Knowing these qualities are part of resilience is only part of the battle; the key question is how to build on them so each child is best positioned to make healthy choices for themselves during their teen years and into adulthood. In my workshops, I focus in on specific strategies parents and teachers can use at different ages to build these qualities with kids. Ideally, building resilience is something we want to begin when kids are very young, but it’s never too late to start.

But while all of them are important, the academic literature on resilience is particularly emphatic about the importance of good coping strategies.
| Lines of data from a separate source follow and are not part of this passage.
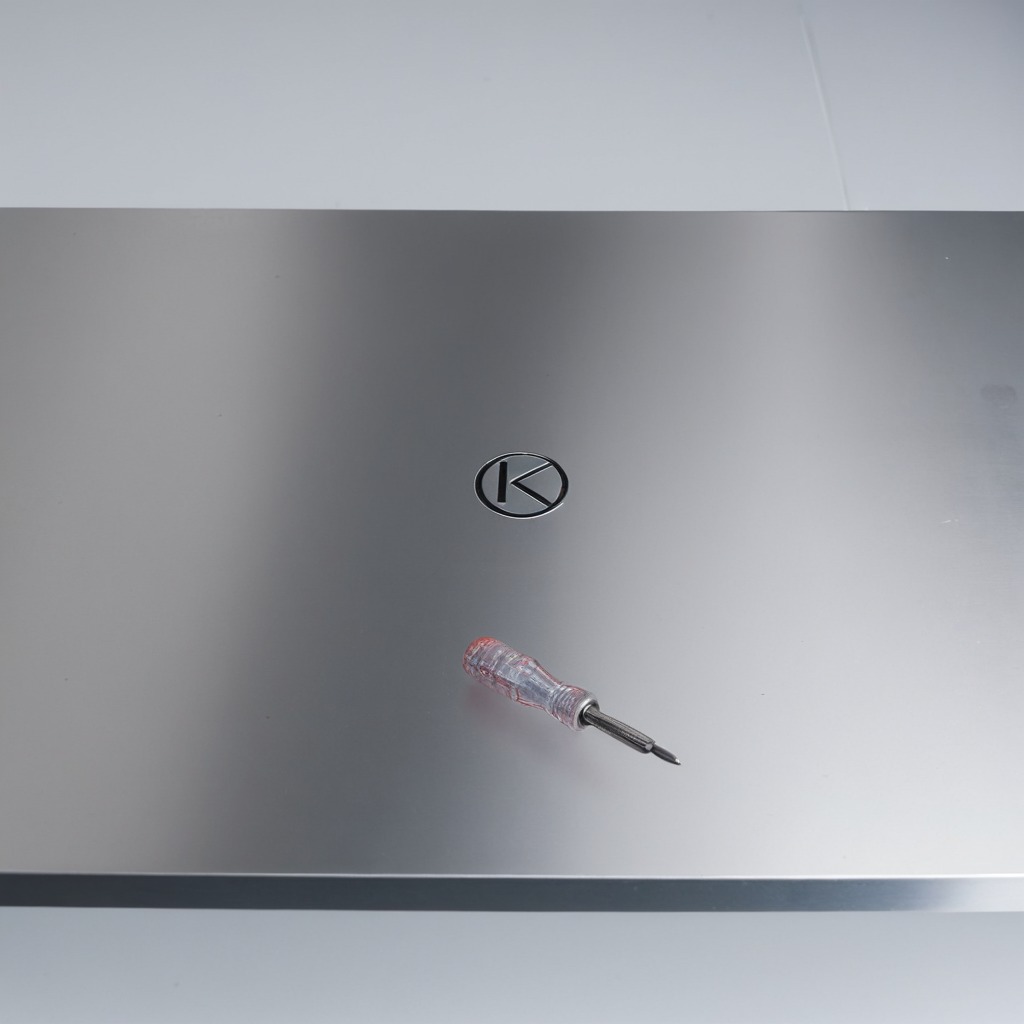
A screwdriver is lying on a stainless steel table in a high-end prototyping lab.
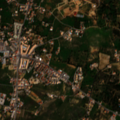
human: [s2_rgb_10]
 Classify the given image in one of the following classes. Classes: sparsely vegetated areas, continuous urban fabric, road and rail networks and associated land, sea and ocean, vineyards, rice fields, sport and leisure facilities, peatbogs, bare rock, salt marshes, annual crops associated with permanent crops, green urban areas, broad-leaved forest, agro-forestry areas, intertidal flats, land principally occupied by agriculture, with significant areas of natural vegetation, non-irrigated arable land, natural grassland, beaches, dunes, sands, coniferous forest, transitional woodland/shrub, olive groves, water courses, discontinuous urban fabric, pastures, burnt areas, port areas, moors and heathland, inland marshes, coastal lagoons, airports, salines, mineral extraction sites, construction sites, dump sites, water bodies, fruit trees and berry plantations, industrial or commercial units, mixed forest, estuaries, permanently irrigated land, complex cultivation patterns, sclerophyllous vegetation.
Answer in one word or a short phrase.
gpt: discontinuous urban fabric, annual crops associated with permanent crops, complex cultivation patterns, land principally occupied by agriculture, with significant areas of natural vegetation
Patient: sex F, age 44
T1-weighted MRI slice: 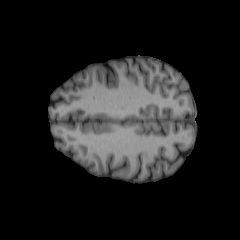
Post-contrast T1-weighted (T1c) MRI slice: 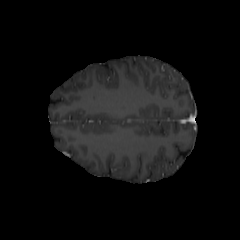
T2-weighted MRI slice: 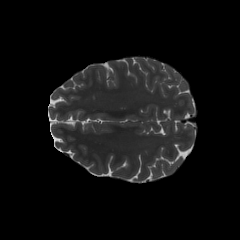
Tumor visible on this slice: no
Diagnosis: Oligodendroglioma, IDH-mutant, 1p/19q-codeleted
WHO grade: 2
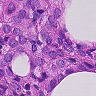
Metastatic tissue present: yes
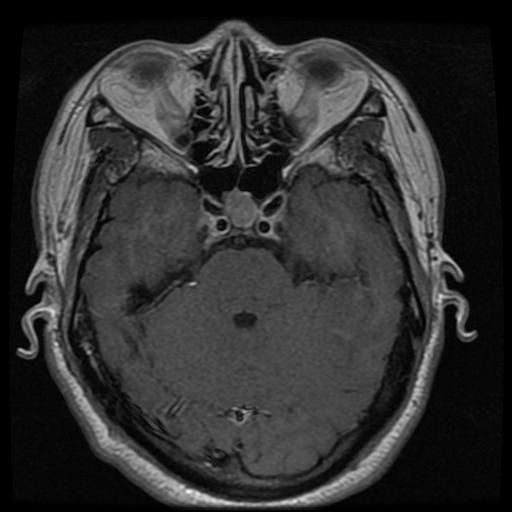
Label: pituitary
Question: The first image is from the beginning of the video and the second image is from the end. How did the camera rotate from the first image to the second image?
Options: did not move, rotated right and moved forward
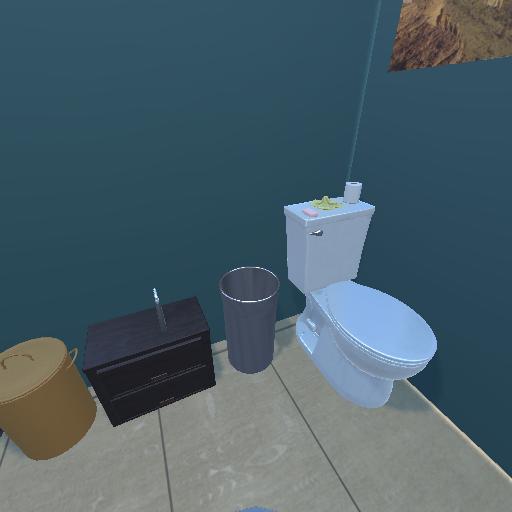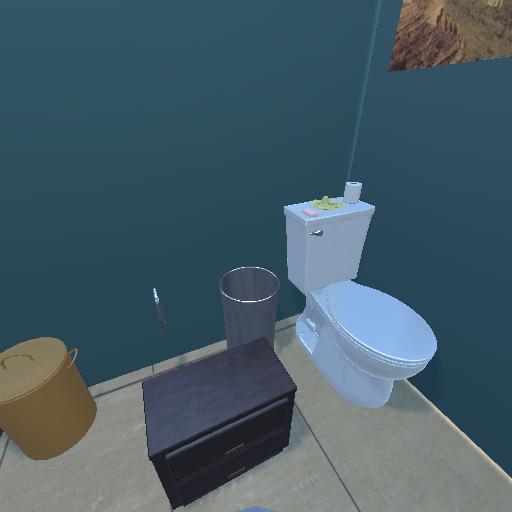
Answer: did not move
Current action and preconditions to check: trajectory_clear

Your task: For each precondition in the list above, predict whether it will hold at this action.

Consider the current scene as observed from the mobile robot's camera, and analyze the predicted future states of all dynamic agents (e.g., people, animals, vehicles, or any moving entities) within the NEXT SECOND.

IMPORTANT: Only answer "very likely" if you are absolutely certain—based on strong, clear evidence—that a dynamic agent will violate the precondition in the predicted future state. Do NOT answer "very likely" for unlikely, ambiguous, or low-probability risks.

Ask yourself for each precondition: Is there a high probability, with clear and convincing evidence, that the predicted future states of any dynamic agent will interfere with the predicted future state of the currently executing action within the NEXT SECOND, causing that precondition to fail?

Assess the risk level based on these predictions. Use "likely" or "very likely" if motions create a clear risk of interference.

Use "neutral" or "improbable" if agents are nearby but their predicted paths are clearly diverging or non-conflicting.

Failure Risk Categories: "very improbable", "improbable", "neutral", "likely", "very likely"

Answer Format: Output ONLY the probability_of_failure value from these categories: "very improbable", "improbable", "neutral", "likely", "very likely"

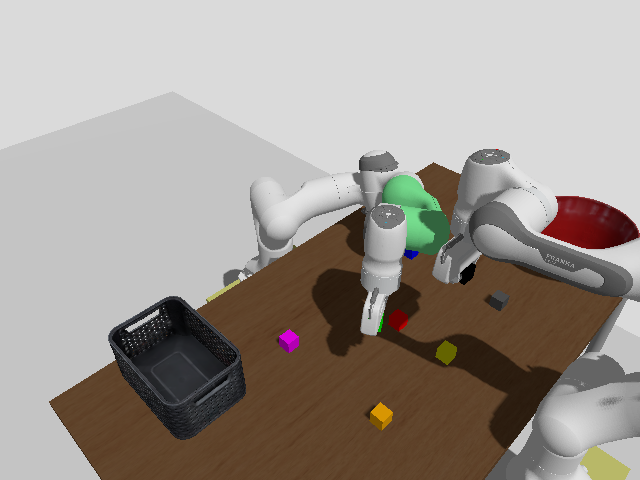

Answer: likely
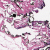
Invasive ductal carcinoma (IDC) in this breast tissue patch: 0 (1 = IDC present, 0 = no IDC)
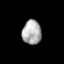
Tissue: prostate
Cell type: T cells
Senescence score: 0.3416
Nuclear area (px): 450
Mean DAPI intensity: 174.633
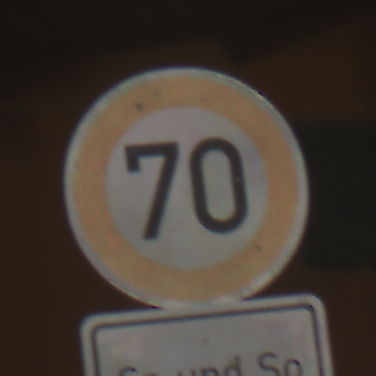
Verkehrszeichen: Geschwindigkeit70
Zusatzzeichen unten: ZeitangabenMitBeschraenkungAufWochentage8
Umgebung: Outdoor, Urban
Tageszeit: Night
Wetter: Clear
Licht: Artificial
Jahreszeit: NotSpecified
Kontrast: HighContrast
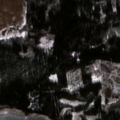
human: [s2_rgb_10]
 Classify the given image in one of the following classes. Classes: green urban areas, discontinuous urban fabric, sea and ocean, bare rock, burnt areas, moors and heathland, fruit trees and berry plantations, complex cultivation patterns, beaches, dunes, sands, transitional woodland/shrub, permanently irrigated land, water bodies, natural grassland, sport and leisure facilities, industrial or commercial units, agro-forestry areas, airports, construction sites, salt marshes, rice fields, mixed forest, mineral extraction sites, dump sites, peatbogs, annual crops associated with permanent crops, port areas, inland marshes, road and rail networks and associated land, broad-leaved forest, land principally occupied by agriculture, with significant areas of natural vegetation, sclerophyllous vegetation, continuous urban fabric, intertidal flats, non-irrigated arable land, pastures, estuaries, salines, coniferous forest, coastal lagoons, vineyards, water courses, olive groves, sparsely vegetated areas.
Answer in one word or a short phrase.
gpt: pastures, broad-leaved forest, coniferous forest, mixed forest, transitional woodland/shrub, water bodies
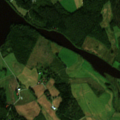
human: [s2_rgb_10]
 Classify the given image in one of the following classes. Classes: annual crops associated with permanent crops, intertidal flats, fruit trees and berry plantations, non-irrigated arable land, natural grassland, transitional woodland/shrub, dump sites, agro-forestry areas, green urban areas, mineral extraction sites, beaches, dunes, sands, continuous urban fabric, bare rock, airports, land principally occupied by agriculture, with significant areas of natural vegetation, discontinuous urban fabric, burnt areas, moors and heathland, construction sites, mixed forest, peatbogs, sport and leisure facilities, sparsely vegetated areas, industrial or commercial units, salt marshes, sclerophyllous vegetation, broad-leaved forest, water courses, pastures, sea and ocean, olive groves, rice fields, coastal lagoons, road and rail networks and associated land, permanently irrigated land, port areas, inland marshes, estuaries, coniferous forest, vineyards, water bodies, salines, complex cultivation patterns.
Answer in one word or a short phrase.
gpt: land principally occupied by agriculture, with significant areas of natural vegetation, mixed forest, transitional woodland/shrub
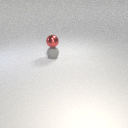
small red metal sphere above small gray rubber sphere
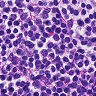
Metastatic tissue present: no
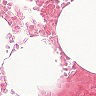
Metastatic tissue present: no
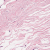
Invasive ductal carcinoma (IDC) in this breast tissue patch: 0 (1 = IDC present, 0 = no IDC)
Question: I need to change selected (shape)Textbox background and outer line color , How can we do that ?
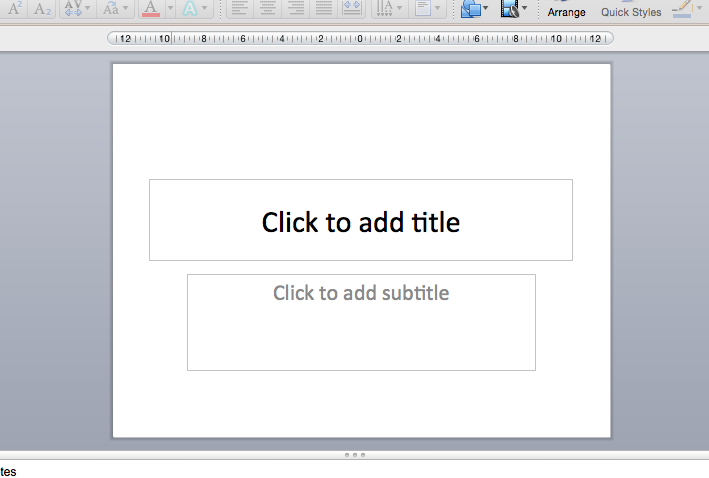
Answer: Here is an example
'''
tell application "Microsoft PowerPoint"
activate
set theShapeRange to shape range of selection of active window
set n to (count shapes of theShapeRange)
repeat with i from 1 to n
tell shape i of theShapeRange
set back color of fill format of it to {0, 200, 255}
set fore color of line format of it to {255, 0, 0}
end tell
end repeat
end tell
'''
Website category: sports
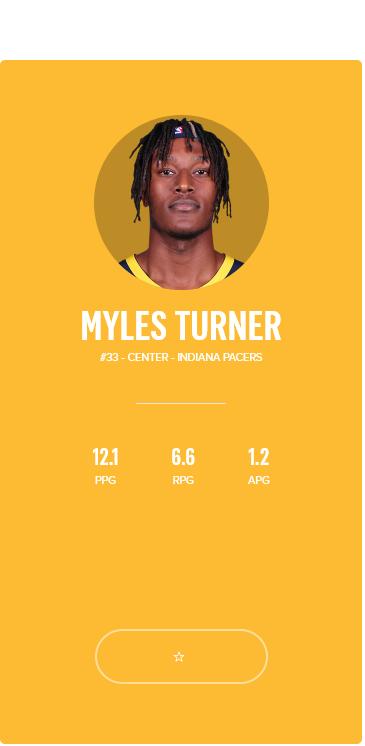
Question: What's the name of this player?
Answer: MYLES TURNER

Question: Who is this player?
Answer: MYLES TURNER

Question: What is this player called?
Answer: MYLES TURNER

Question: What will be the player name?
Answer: MYLES TURNER

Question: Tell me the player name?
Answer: MYLES TURNER

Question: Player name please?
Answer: MYLES TURNER

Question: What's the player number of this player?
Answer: #33

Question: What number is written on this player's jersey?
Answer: #33

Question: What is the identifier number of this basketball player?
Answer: #33

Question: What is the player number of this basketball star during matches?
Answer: #33

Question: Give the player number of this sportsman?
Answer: #33

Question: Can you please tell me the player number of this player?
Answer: #33

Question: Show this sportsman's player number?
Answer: #33

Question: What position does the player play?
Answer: CENTER

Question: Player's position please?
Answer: CENTER

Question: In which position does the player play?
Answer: CENTER

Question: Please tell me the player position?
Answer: CENTER

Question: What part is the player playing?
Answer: CENTER

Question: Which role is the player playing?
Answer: CENTER

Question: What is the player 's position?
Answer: CENTER

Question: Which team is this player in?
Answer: INDIANA PACERS

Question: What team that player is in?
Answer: INDIANA PACERS

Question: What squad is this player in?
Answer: INDIANA PACERS

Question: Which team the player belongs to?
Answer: INDIANA PACERS

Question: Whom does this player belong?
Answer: INDIANA PACERS

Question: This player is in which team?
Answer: INDIANA PACERS

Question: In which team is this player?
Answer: INDIANA PACERS

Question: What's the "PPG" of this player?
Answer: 12.1

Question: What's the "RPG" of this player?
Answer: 6.6

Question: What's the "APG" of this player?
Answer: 1.2

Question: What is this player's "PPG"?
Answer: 12.1

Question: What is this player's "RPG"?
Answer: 6.6

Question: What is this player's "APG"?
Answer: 1.2

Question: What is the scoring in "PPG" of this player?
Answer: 12.1

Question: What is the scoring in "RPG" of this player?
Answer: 6.6

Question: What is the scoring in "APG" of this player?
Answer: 1.2

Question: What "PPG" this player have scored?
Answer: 12.1

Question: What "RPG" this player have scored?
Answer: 6.6

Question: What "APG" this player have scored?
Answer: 1.2

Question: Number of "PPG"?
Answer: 12.1

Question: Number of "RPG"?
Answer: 6.6

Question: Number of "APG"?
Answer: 1.2

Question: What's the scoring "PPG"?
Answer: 12.1

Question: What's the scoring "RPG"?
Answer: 6.6

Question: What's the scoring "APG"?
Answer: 1.2
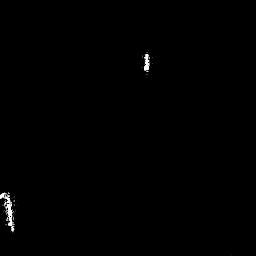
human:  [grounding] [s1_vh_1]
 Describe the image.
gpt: In the satellite image, there is  <ref>1 medium ship </ref> <box>[[0, 73, 6, 88, 0]]</box> located at bottom left,  <ref>1 small ship </ref> <box>[[55, 17, 59, 28, 0]]</box> located at top.
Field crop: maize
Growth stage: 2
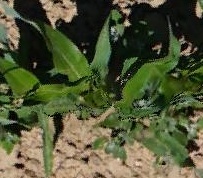
Species: maize
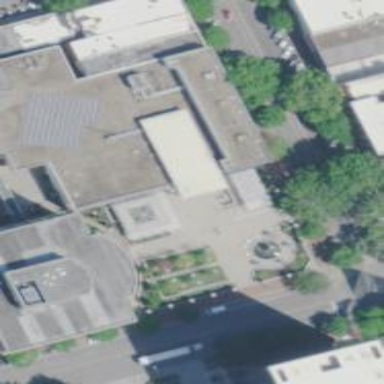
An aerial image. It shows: Museum building.
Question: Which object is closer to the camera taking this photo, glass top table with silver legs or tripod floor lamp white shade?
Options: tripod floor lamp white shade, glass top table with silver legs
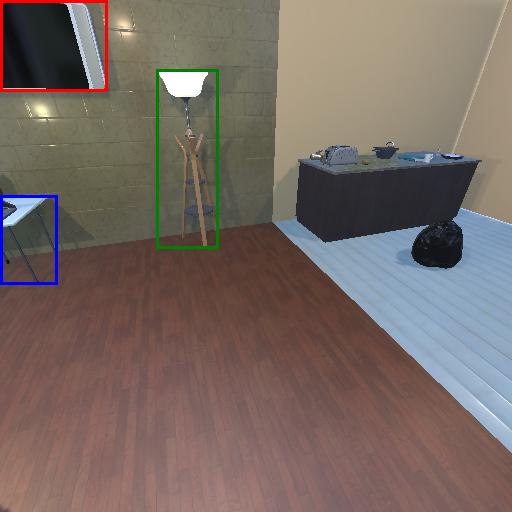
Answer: tripod floor lamp white shade
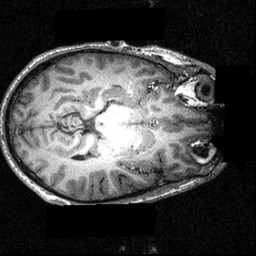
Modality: T1w
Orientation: axial
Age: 24
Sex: male
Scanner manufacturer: siemens
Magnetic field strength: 3.951 T
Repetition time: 1.5 s
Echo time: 0.00335 s
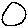
Label: circle
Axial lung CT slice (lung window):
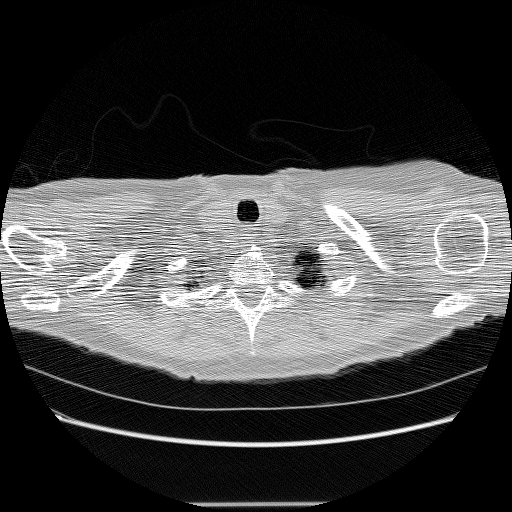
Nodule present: no

Coping strategies make the difference between a kid who crumples in tears at the first sign of adversity and the child who is able to deal with the stress and figure out how to move forward to some kind of resolution.

It’s what all parents hope our kids can do. But that isn’t always the case.

As a university professor, I occasionally met kids with poor coping skills. Many of these kids don’t even make it to college, but often enough mom or dad hovered in the background waiting to pick up the pieces and help make everything OK. But parents don’t come to university classes, and they don’t micromanage their grown up children’s class schedules the way they might have in high school.

So when someone fails a test, or hands in an assignment late without any good excuse, or misses some important administrative deadline, the students with poor coping skills just can’t cope. They either blame it on someone else (sometimes that was me, their professor), fall apart in my office or drop or fail the class.  They didn’t know how to process the stress of a demanding university program, or they couldn’t deal with the demands of a part-time job, or their romantic partners broke up with them. Or they partied too hard and it took a toll on their schoolwork.

The kind of stuff life throws at everyone is just too much for some people.

So what do coping skills look like and how do we teach them? Turns out that there are different kinds of coping, and they aren’t all equal. Passive coping skills are things like escapism and distraction: turning to television, video games or alcohol to get our minds off the crap we might be dealing with at school or at work. But while parking our brains at an occasional episode of Glee or an hour of World of Warcraft (or even a nice glass of wine, if we are over 18) isn’t a bad thing, it doesn’t actually help us work through the stress we have waiting for us when the TV or computer click off.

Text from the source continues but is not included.